BACKGROUND: Prognostic factors of long-term survival can guide selection of patients for endovascular repair of abdominal aortic aneurysms (EVAR). The aim of this study was to evaluate the relationship between the neutrophil-to-lymphocyte ratio (NLR), the platelet-to-lymphocyte ratio (PLR), the lymphocyte-to-monocyte ratio (LMR) and the systemic immune-inflammation index (SIII) with survival after EVAR and to assess whether the addition of these biomarkers improved the prediction of survival after surgery. METHODS: Retrospective analysis of 284 consecutive patients who underwent an EVAR at a single institution. The association between biomarkers and survival was explored using generalized additive models with penalized smoothing splines and multivariate Cox models.

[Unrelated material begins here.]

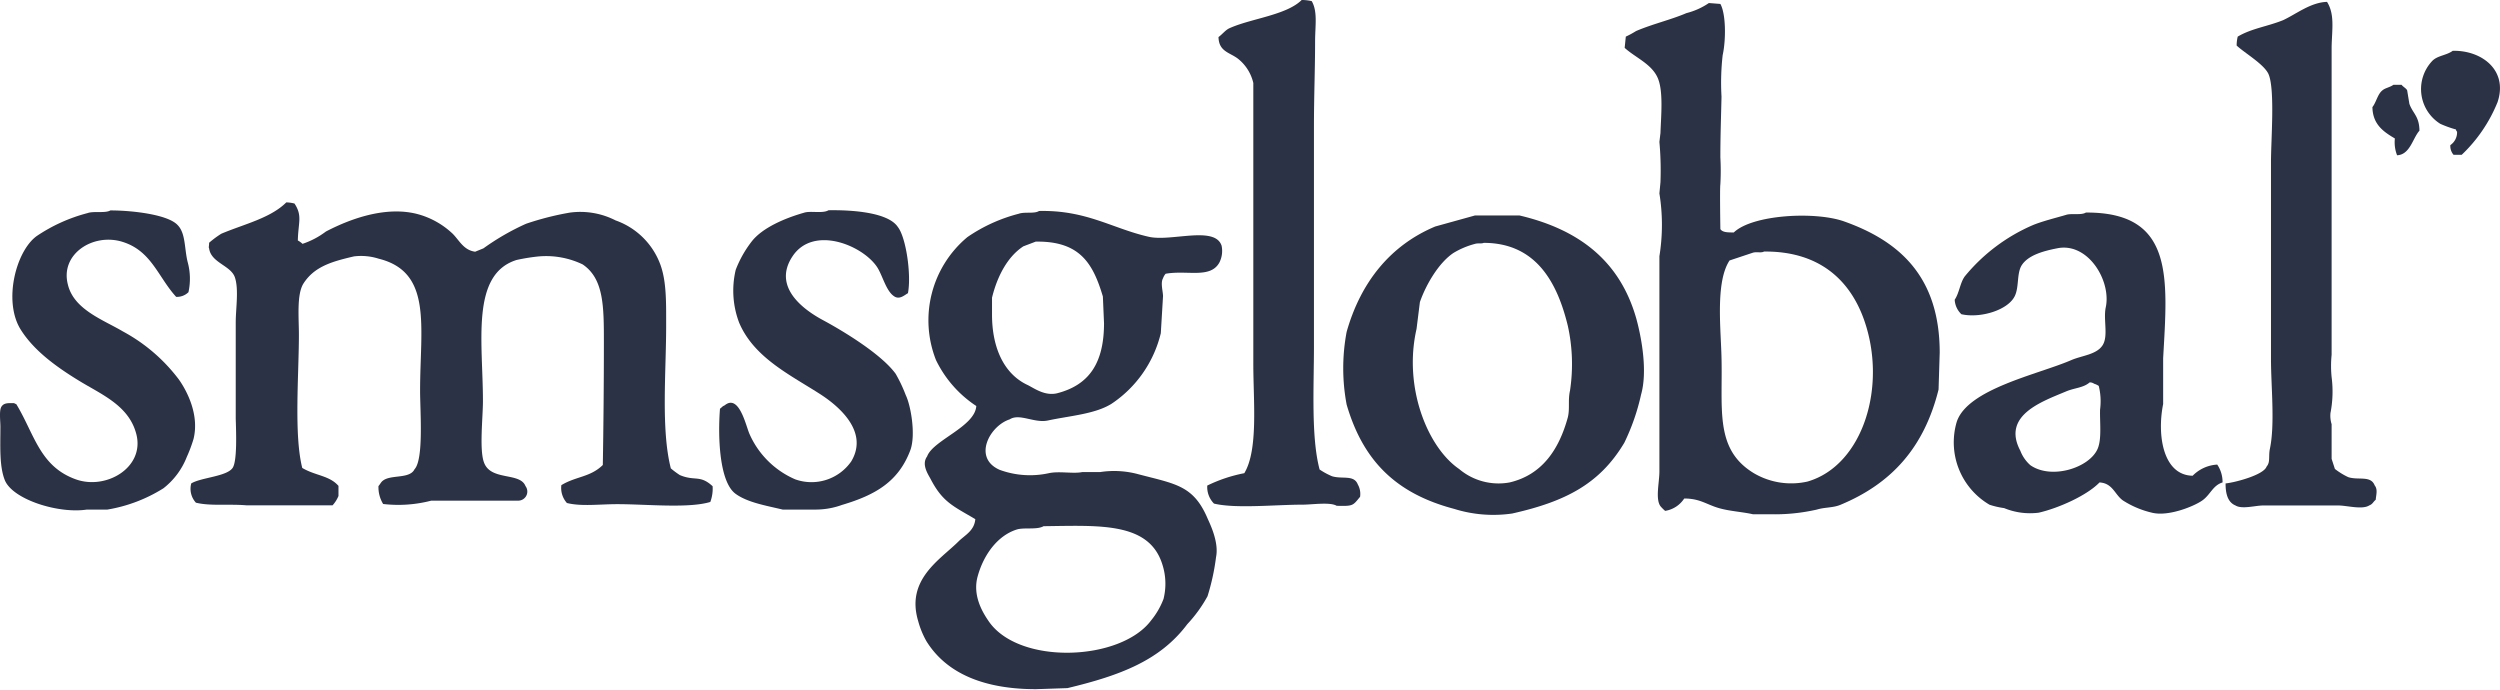 <svg xmlns="http://www.w3.org/2000/svg" viewBox="0 0 305.11 84.15"><defs><style>.cls-1{fill:#2c3245;fill-rule:evenodd;}</style></defs><g id="Layer_2" data-name="Layer 2"><g id="Layer_1-2" data-name="Layer 1"><g id="Layer_2-2" data-name="Layer 2"><g id="Layer_1-2-2" data-name="Layer 1-2"><path class="cls-1" d="M158.86,0a5.16,5.16,0,0,1,1.23.14c.74,1.28.41,3,.41,4.93,0,3.28-.14,6.82-.14,10.29V42.22c0,5-.36,11.13.69,15.08a8.83,8.83,0,0,0,1.51.82c1.25.39,2.68-.21,3.15,1a2.34,2.34,0,0,1,.28,1.51c-.9,1.1-.83,1.15-2.86,1.1-.78-.48-3-.14-4.11-.14-3.35,0-8.22.51-10.86-.13a2.87,2.87,0,0,1-.82-2.2,18.05,18.05,0,0,1,4.52-1.51c1.72-2.85,1.1-8.81,1.1-13.3V10.13a5.29,5.29,0,0,0-1.92-3c-1-.74-2.29-.85-2.33-2.61.45-.31.85-.87,1.37-1.09C152.71,2.25,157,1.85,158.86,0Z"/><path class="cls-1" d="M271.62,59c1.24-.13,4.65-1.05,5-2.05.49-.57.21-1.24.41-2.19.63-3,.13-7.63.13-10.94V19.78c0-2.67.49-8.72-.27-10.66-.48-1.23-2.9-2.61-3.92-3.56a4.51,4.51,0,0,1,.13-1.09c1.68-1,3.57-1.22,5.52-2C280.21,1.74,282,.28,284,.23c.95,1.51.61,3.31.56,5.47V43.3a13.8,13.8,0,0,0,0,2.73,13.7,13.7,0,0,1-.14,4.38,3.47,3.47,0,0,0,.14,1.36V56l.4,1.23a8.53,8.53,0,0,0,1.62,1c1.22.41,2.76-.23,3.23,1,.39.49.2,1.08.13,1.77-.34.27-.34.51-.8.69-.85.54-2.71,0-3.77,0H276.2c-.93,0-2.59.49-3.37,0C271.9,61.31,271.61,60.28,271.62,59Z"/><path class="cls-1" d="M299.34,6.2c3.54-.08,6.78,2.37,5.47,6.27a18.3,18.3,0,0,1-4.37,6.42h-1a1.63,1.63,0,0,1-.39-1.18,1.88,1.88,0,0,0,.82-1.64c-.12-.14-.05,0-.14-.27a13.21,13.21,0,0,1-1.91-.69,5,5,0,0,1-1-7.65C297.46,6.77,298.58,6.77,299.34,6.2Z"/><path class="cls-1" d="M292.1,10.35h1c.17.24.57.43.68.68l.27,1.64c.41,1.17,1.21,1.5,1.23,3.28-.82.9-1.14,2.93-2.73,3a4.33,4.33,0,0,1-.27-2.05c-1.37-.81-2.71-1.71-2.74-3.83.47-.59.63-1.59,1.23-2.05C291.11,10.73,291.68,10.66,292.1,10.35Z"/><path class="cls-1" d="M34.94,24.7a4.36,4.36,0,0,1,1,.14c1,1.51.45,2.32.41,4.51a2.58,2.58,0,0,1,.57.41,9.87,9.87,0,0,0,2.85-1.5c2.65-1.39,7.33-3.29,11.48-2.05a10,10,0,0,1,4,2.32c.81.81,1.33,2,2.74,2.19L59,30.31a29.69,29.69,0,0,1,5.2-3,35,35,0,0,1,5.33-1.36,9.45,9.45,0,0,1,5.6.95A9,9,0,0,1,80.48,32c.88,2.13.82,4.83.82,7.79,0,5.64-.64,12.62.57,17.37a9.82,9.82,0,0,0,1.1.82c1.84.78,2.45-.07,4,1.36a4.65,4.65,0,0,1-.28,1.92c-2.65.81-7.8.27-11.35.27-2.17,0-4.39.3-6.15-.14a2.75,2.75,0,0,1-.68-2.18c1.82-1.1,3.51-.95,5.06-2.46.08-4.73.13-10,.13-14.91,0-4.43,0-7.82-2.59-9.57a10.31,10.31,0,0,0-5.61-.95,23.79,23.79,0,0,0-2.46.41c-5.62,1.76-4.1,10.06-4.1,17.22,0,2-.46,6,.14,7.52.84,2.24,4.39,1.14,5.05,2.85a1.11,1.11,0,0,1-.82,1.78H52.64a16,16,0,0,1-5.88.41,3.93,3.93,0,0,1-.57-2.19c.21-.22.3-.49.57-.68,1-.74,3.25-.17,3.83-1.37,1.14-1.22.68-7.09.68-9.57,0-7.83,1.55-14.49-5.06-16.13a7.09,7.09,0,0,0-3-.28c-2.78.64-4.85,1.27-6.16,3.29-.86,1.32-.57,4.24-.57,6.26,0,4.88-.62,12.23.41,16.27,1.59.95,3.32.92,4.42,2.19v1.23a3.93,3.93,0,0,1-.72,1.14H30.06c-2.18-.18-4.42.11-6.15-.32A2.51,2.51,0,0,1,23.34,59c1.19-.73,4.36-.84,5.06-1.91.57-.87.41-4.56.37-6V39.33c0-1.67.39-4-.1-5.47s-2.91-1.77-3.15-3.55c-.08-.13,0-.26,0-.68A11.65,11.65,0,0,1,27,28.53C29.72,27.37,33,26.64,34.94,24.7Z"/><path class="cls-1" d="M13.47,25.68c2.63,0,7,.49,8.2,1.78,1,1,.82,2.85,1.23,4.51A7.68,7.68,0,0,1,23,35.66a2,2,0,0,1-1.5.57c-2.21-2.41-3-5.62-6.57-6.72S7.33,31,8.28,34.71C9,37.77,12.54,39,15,40.45a21,21,0,0,1,6.84,5.88c1,1.42,2.5,4.31,1.78,7.24a17,17,0,0,1-.82,2.19,9,9,0,0,1-2.85,3.83,18.56,18.56,0,0,1-6.84,2.6H10.6c-3.42.53-9-1.2-10-3.56C-.1,56.92.05,54.38.05,52.07c0-.72-.18-2,.14-2.46s.8-.41,1.54-.41c.14.11,0,0,.27.14C4.21,53,4.85,56.92,9.25,58.5c3.69,1.33,8.4-1.43,7.4-5.47-.88-3.52-4.22-4.86-7-6.56s-5.53-3.68-7.15-6.29C.4,36.76,1.92,30.71,4.45,28.83A20.2,20.2,0,0,1,10.71,26C11.44,25.74,12.86,26.05,13.47,25.68Z"/><path class="cls-1" d="M101.11,25.66c2.92-.05,7.3.26,8.47,2.05,1,1.27,1.66,5.83,1.23,8.07-.43.24-1,.8-1.64.41-1.06-.64-1.47-2.68-2.19-3.69-1.84-2.62-7.73-5-10.25-1.23s1.4,6.56,3.69,7.79c2.69,1.45,7.18,4.21,8.89,6.56a17.76,17.76,0,0,1,1.23,2.6c.6,1.21,1.25,4.8.57,6.7-1.43,3.83-4.22,5.48-8.34,6.7a9.45,9.45,0,0,1-3.15.57h-4.1c-2-.48-4.29-.86-5.74-1.92-2-1.44-2.18-7-1.91-10.39.25-.17.23-.26.57-.41,1.74-1.43,2.58,2.42,3,3.42a10.75,10.75,0,0,0,5.61,5.61,5.91,5.91,0,0,0,6.84-2.19c2.27-3.79-1.86-7-4-8.34-3.65-2.32-7.93-4.42-9.69-8.61a11,11,0,0,1-.41-6.43,13.54,13.54,0,0,1,1.92-3.42c1.3-1.71,4.1-2.89,6.42-3.55C98.92,25.7,100.41,26.09,101.11,25.66Z"/><path class="cls-1" d="M199.7,38.88c-2-7.05-7-10.87-14.24-12.58H180l-4.83,1.34c-5.5,2.3-9.11,6.82-10.82,12.86a23.89,23.89,0,0,0,0,8.88c2,6.84,6,10.84,13.1,12.72a16,16,0,0,0,7.11.57c6.55-1.47,10.69-3.64,13.67-8.62a26.3,26.3,0,0,0,2.05-5.88C201.1,45.3,200.33,41.16,199.7,38.88Zm-8.09,8.79c-.27,1.2,0,2.2-.27,3.28-1.07,3.89-3.12,7-7.11,7.93a7.45,7.45,0,0,1-6.15-1.64c-3.87-2.65-6.82-10-5.2-17.09l.41-3.28c.75-2.16,2.32-4.82,4.1-6a9.92,9.92,0,0,1,2.6-1.1c.42-.13.82,0,1.09-.13,6.45,0,9,4.94,10.26,10.11A21.6,21.6,0,0,1,191.61,47.67Z"/><path class="cls-1" d="M225,27c-3.54-1.22-11.12-.81-13.4,1.37-.74,0-1.37,0-1.64-.41,0-.1-.08-5,0-5.47a29.91,29.91,0,0,0,0-3.28c0-2.77.09-5,.14-7.41a29.83,29.83,0,0,1,.14-5.06c.42-1.9.4-5.06-.28-6.26L208.56.37a8.6,8.6,0,0,1-2.74,1.23c-1.88.81-4.12,1.32-6.15,2.19a11.6,11.6,0,0,1-1.25.68l-.14,1.37c1.33,1.22,3.41,2,4.1,3.83.62,1.65.34,4.5.27,6.56l-.13,1.09a38.5,38.5,0,0,1,.13,4.92l-.13,1.37a24,24,0,0,1,0,7.66V57.54c0,1.33-.51,3.37.13,4.24a5.11,5.11,0,0,0,.57.57,3.41,3.41,0,0,0,2.33-1.51c1.82,0,2.61.65,4,1.1s3.08.52,4.37.82H216a23.07,23.07,0,0,0,5.74-.57c1-.3,1.94-.2,2.85-.57,6.26-2.59,10.24-7,12-14.08l.14-4.52C236.72,33.8,231.86,29.42,225,27ZM220.6,58.77a9,9,0,0,1-6.52-1c-5-3-3.75-8.09-4-14.77-.13-3.57-.63-8.73,1-11.21l2.85-.95c.49-.14,1,.06,1.36-.14,6.66-.06,10.42,3.4,12.17,8.23C230.39,47.09,227.37,56.8,220.6,58.77Z"/><path class="cls-1" d="M270.6,56.7a4.57,4.57,0,0,0-3,1.36C264,58,263.23,53.14,264,49.31v-5.6c.56-9.87,1.35-17.83-9.43-17.77-.57.36-1.78.06-2.44.29-1.14.34-2.79.74-4,1.23a22,22,0,0,0-8.34,6.27c-.58.8-.66,2-1.23,2.85a2.6,2.6,0,0,0,.82,1.77c2.35.53,5.81-.53,6.56-2.32.48-1.12.19-2.74.82-3.69.81-1.22,2.67-1.72,4.38-2.05,3.71-.7,6.56,4,5.85,7.24-.31,1.53.36,3.53-.41,4.65s-2.51,1.21-3.82,1.78c-4,1.73-12.62,3.49-13.95,7.52a8.82,8.82,0,0,0,4,10.12,9.9,9.9,0,0,0,1.78.41,8.29,8.29,0,0,0,4.23.56c2.47-.57,5.92-2.13,7.41-3.69,1.61.08,1.86,1.48,2.85,2.19a11.24,11.24,0,0,0,3.55,1.5c2,.51,5.17-.79,6.16-1.5s1.27-1.83,2.46-2.19A3.79,3.79,0,0,0,270.6,56.7ZM256,54.78c-1,2.31-5.61,3.79-8.2,2a4.46,4.46,0,0,1-1.23-1.77c-2.29-4.32,2.64-6,5.61-7.25,1-.42,2.1-.43,2.85-1.09a.88.88,0,0,1,.54.16,2.12,2.12,0,0,1,.57.27A7.8,7.8,0,0,1,256.3,50C256.26,51.59,256.52,53.59,256,54.78Z"/><path class="cls-1" d="M142.26,33.41c2.65-.47,5.45.63,6.56-1.37a3.15,3.15,0,0,0,.27-2.05c-.81-2.48-6.17-.47-8.88-1.09-4.44-1-7.59-3.28-13.4-3.15-.59.37-1.73.07-2.49.34a19.73,19.73,0,0,0-6.26,2.85,13.22,13.22,0,0,0-3.83,15,14,14,0,0,0,4.92,5.61c-.15,2.53-5.28,4.17-6,6.15-.67.93,0,2,.41,2.73,1.48,2.87,2.79,3.34,5.47,4.93-.12,1.43-1.28,1.95-2.06,2.73-2.26,2.24-6.42,4.64-4.92,9.68a10.65,10.65,0,0,0,1,2.46c2.43,3.94,7,5.88,13.4,5.88l3.83-.13c6.37-1.53,11.28-3.34,14.62-7.8a16.82,16.82,0,0,0,2.47-3.41A27.19,27.19,0,0,0,148.41,68c.34-1.64-.52-3.62-1-4.65-1.73-4.12-3.92-4.27-8.47-5.47a11.24,11.24,0,0,0-4.65-.27h-2.19c-1.11.24-2.82-.14-4.1.14a10.75,10.75,0,0,1-6-.41c-3.32-1.46-1.22-5.37,1.23-6.16,1.19-.77,3,.49,4.65.14,2.7-.58,5.77-.78,7.79-2.05a14.41,14.41,0,0,0,6-8.61l.27-4.51c0-.59-.33-1.62,0-2.19A1.69,1.69,0,0,1,142.26,33.41ZM124.07,64.63c.9-.29,2.48.06,3.29-.41,6.81-.08,12.86-.53,14.49,4.64A7.65,7.65,0,0,1,142,73.1a9.37,9.37,0,0,1-1.5,2.6c-3.71,5-16.11,5.51-19.82.14-.76-1.1-2-3.14-1.37-5.47C120,67.83,121.65,65.41,124.07,64.63ZM129,48c-1.48.34-2.73-.58-3.56-1-2.85-1.31-4.37-4.46-4.37-8.61V36.33c.62-2.55,1.87-5,3.83-6.27l1.5-.57c5.4-.09,7,2.67,8.2,6.7l.14,3.28C134.73,44.34,132.9,47,129,48Z"/></g></g></g></g></svg>

C-statistics and continuous net reclassification indexes (c-NRI) were used to assess the improvement in prediction. RESULTS: Survival rates at 2 and 5 years were 83.9% and 66.2%, respectively. The predictive score of survival included hemoglobin (HR = 0.849, p = 0.004), statin intake (HR = 0.538, p = 0.004), atrial fibrillation (HR = 2.515, p < 0.001), heart failure (HR = 2.542, p = 0.017) and the non-revascularized coronary artery disease (HR = 2.163, p = 0.004). Spline analyses showed a linear relationship between survival and NLR, PLR, LMR and SII. After adjusting for the predictive score, there was an independent relationship between survival and NLR (HR = 1.072, p = 0.006), PLR (HR = 1.002, p = 0.014) and SII (HR = 1.000, p = 0.043). However, only the addition of NLR improved moderately the c-NRI. A NLR ≥ 3 was independently associated with lower survival rates at 2-years (HR 1.98; 95% CI 1.07-3.66) and 5-years (HR 1.84, 95% CI 1.22-2.78) of follow-up. CONCLUSIONS: Most inflammatory biomarkers are linear and independently associated with survival after EVAR, but only the NLR improved moderately the prediction of a survival score. Therefore, a NLR ≥ 3 may be used to identify patients with a low survival rate and help in decision-making.